Justice Thomas opened the Moody v. NetChoice argument with his concern that the case had been brought as a facial challenge. Justice Thomas later said, “With these facial challenges, I always have a problem that we don’t—we’re not talking about anything specific. In an as-applied challenge, at least we know what’s in front of us and what your interpretation or at least the state’s interpretation of its law is in that case. Now we’re just speculating as to what the law means.” Justice Jackson said, “I guess the hard part for me, is really trying to understand how we apply this analysis at the broad level of generality that I think both sides seem to be taking here.”

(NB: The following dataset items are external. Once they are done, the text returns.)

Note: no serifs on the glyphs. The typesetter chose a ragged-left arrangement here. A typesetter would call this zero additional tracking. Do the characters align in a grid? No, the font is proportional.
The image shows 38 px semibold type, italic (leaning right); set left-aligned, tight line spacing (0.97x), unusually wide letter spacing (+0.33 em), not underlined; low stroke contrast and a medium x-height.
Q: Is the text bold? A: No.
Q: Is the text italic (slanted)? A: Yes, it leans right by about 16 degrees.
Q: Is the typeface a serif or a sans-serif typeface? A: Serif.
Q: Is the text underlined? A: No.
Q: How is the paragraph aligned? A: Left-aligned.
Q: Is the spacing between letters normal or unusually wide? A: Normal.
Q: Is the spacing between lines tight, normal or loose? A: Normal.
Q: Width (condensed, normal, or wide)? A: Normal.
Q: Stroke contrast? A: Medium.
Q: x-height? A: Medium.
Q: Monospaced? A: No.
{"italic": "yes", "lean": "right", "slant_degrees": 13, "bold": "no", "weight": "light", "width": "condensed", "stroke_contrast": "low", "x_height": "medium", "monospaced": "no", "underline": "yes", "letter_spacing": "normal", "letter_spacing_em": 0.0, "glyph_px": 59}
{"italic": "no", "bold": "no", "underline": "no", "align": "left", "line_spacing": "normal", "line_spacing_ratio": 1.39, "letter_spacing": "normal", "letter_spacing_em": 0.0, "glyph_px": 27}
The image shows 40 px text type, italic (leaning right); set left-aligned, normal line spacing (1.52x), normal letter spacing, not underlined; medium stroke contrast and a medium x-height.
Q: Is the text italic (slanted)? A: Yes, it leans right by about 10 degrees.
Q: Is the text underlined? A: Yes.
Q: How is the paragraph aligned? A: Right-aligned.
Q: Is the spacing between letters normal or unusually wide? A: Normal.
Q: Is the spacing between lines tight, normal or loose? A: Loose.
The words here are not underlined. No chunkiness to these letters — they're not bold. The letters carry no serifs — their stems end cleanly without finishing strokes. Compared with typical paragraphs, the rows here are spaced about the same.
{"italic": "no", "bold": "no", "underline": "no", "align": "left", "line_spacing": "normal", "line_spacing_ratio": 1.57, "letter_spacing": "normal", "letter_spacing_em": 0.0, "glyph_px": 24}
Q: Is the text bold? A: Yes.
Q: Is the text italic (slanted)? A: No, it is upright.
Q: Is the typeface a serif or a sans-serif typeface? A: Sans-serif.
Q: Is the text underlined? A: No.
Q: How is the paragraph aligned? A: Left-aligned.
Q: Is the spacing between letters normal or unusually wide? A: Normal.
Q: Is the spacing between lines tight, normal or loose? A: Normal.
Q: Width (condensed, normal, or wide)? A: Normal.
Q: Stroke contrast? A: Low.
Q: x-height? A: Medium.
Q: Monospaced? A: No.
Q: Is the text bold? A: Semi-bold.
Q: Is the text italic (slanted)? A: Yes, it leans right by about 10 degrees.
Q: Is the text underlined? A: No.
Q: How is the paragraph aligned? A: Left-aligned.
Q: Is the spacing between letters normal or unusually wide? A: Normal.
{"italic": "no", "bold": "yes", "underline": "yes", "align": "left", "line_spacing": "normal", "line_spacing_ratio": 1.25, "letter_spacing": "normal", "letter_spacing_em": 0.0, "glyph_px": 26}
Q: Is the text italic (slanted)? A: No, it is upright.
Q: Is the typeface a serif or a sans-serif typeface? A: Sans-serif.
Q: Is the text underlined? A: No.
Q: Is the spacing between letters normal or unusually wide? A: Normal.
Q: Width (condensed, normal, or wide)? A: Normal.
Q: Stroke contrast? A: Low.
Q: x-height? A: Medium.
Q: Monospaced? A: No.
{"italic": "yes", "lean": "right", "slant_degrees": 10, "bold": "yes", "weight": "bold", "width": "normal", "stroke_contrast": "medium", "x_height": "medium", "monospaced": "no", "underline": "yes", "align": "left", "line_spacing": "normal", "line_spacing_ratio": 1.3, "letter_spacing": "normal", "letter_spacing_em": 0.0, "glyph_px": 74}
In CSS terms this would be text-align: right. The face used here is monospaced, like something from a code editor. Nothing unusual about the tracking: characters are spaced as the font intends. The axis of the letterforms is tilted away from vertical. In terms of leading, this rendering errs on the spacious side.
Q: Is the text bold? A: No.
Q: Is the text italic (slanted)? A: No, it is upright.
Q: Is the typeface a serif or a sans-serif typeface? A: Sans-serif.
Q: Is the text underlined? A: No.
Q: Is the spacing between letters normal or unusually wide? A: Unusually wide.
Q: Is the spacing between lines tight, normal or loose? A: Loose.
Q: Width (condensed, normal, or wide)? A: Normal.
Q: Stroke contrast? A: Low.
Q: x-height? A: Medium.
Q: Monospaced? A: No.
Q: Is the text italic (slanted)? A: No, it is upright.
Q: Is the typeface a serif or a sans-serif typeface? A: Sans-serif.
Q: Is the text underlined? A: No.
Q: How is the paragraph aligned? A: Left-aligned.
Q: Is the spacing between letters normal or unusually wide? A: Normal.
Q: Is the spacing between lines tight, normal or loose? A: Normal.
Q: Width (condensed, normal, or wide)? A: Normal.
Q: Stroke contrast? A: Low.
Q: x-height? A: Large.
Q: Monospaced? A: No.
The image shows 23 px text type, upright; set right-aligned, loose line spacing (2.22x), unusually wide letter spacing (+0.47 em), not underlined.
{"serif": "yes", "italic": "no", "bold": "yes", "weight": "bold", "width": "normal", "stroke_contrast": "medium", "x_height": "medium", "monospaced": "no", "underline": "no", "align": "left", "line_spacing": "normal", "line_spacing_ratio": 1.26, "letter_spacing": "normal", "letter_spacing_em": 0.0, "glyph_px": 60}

The justices appeared frustrated by the possibility that the Texas and Florida laws could be applied to Internet platforms such as Gmail, which are not involved in hosting speech, and what “content moderation” even means, as the types of actions social media platforms can take with respect to users is as varied as the imagination allows.

Takeaway 3: The justices noted inconsistencies in how Internet companies describe their practices under CDA Section 230—as opposed to the First Amendment.

Justice Alito addressed what he perceived as inconsistent positions that Internet companies have taken regarding whether content moderation is “editorial discretion” depending on whether they are arguing under CDA Section 230 or the First Amendment: “[Content moderation is] your message when you want to escape state regulation, but it’s not your message when you want to escape liability under state tort law.” Justice Gorsuch added, “So it’s speech for the purposes of the First Amendment, your speech, your editorial control, but when we get to Section 230, your submission is that that isn’t your speech?” While CDA Section 230 is not at issue in this case, how the Court rules may implicate future Section 230 issues.


Throughout oral argument, the Court demonstrated a very clear grasp on just how distinctive Internet-based businesses are. Many issues, including the safe harbor offered by CDA Section 230, have surfaced together, and whatever the outcome, the NetChoice Cases have the potential to heavily disrupt the way almost all large Internet platforms are run. Compliance with these content moderation laws can be burdensome and expensive, if not outright impossible, and if the platforms successfully argue that the First Amendment defeats the Florida and Texas laws, then the CDA Section 230 safe harbor may also be vulnerable to constitutional challenge. We will continue to monitor the NetChoice Cases and report.